--- THE DATA ---

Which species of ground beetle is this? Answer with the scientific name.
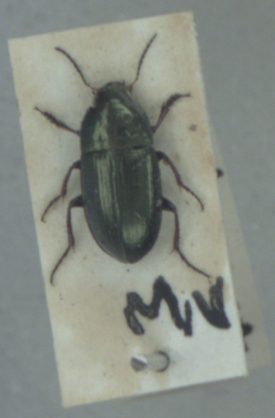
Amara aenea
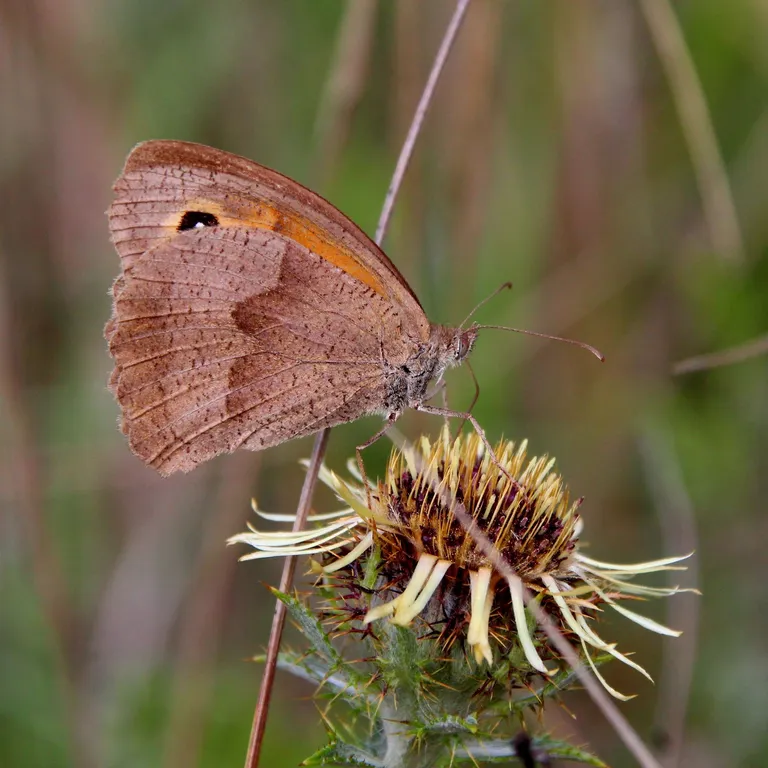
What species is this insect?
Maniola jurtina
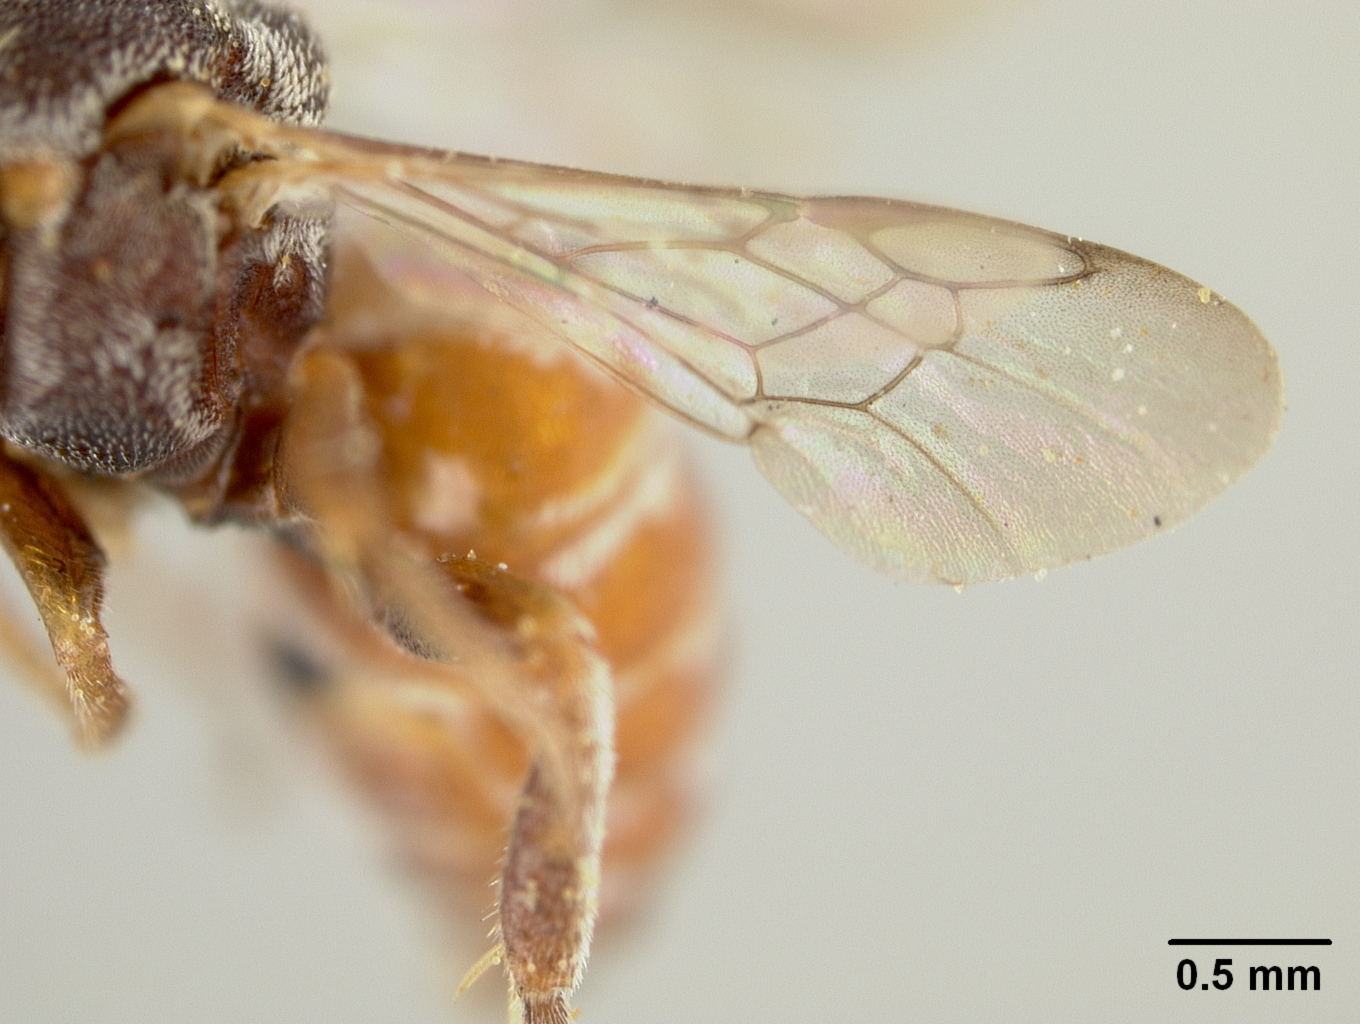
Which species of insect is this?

---
--- THE DATA ---

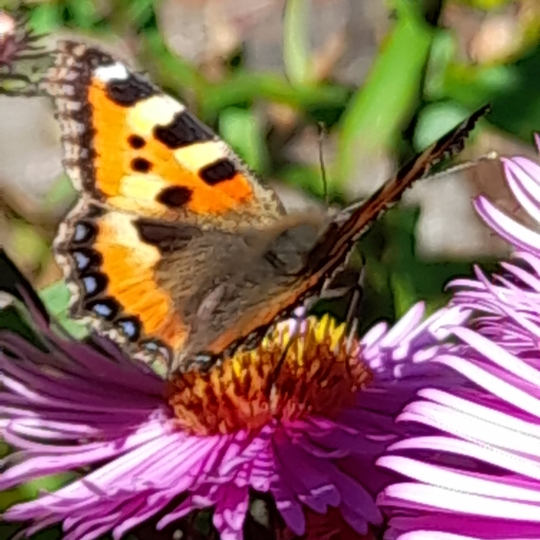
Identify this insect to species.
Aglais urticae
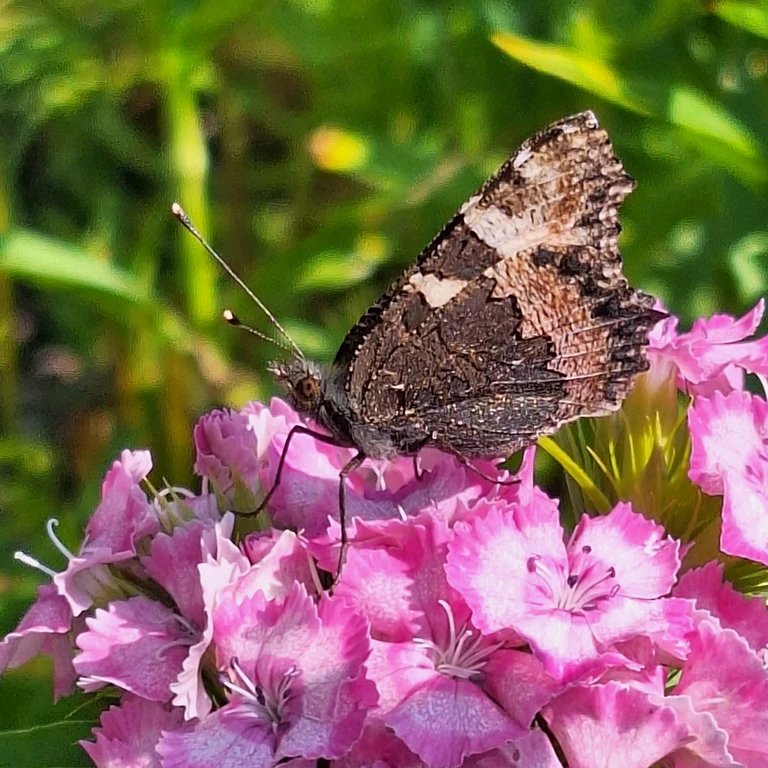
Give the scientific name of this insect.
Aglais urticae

---
--- THE DATA ---

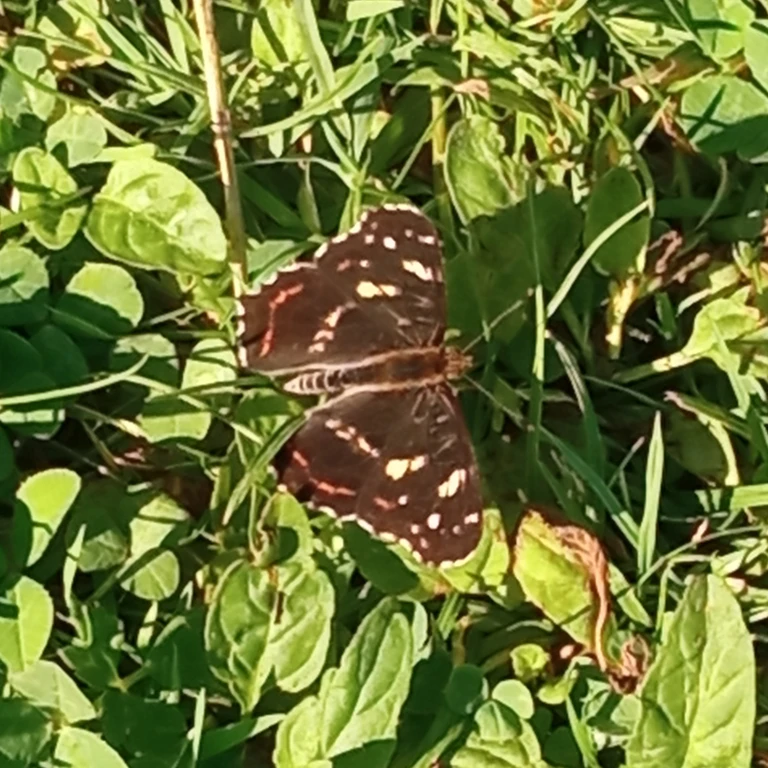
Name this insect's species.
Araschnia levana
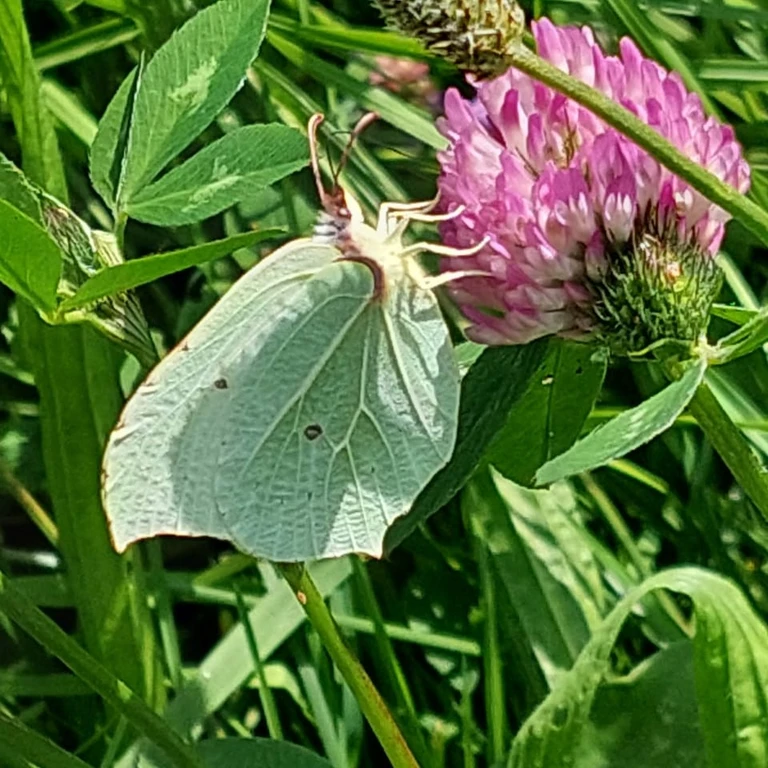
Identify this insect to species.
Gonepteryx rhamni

---

WHAT YOU HAVE TO DO
Repeat, without pictures, exactly the lines of the data above from the one containing "Which species of ground" through the one containing "Which species of insect is this?", including both and adding nothing.

EXERCISE SOLUTION
Which species of ground beetle is this? Answer with the scientific name.
Amara aenea
What species is this insect?
Maniola jurtina
Which species of insect is this?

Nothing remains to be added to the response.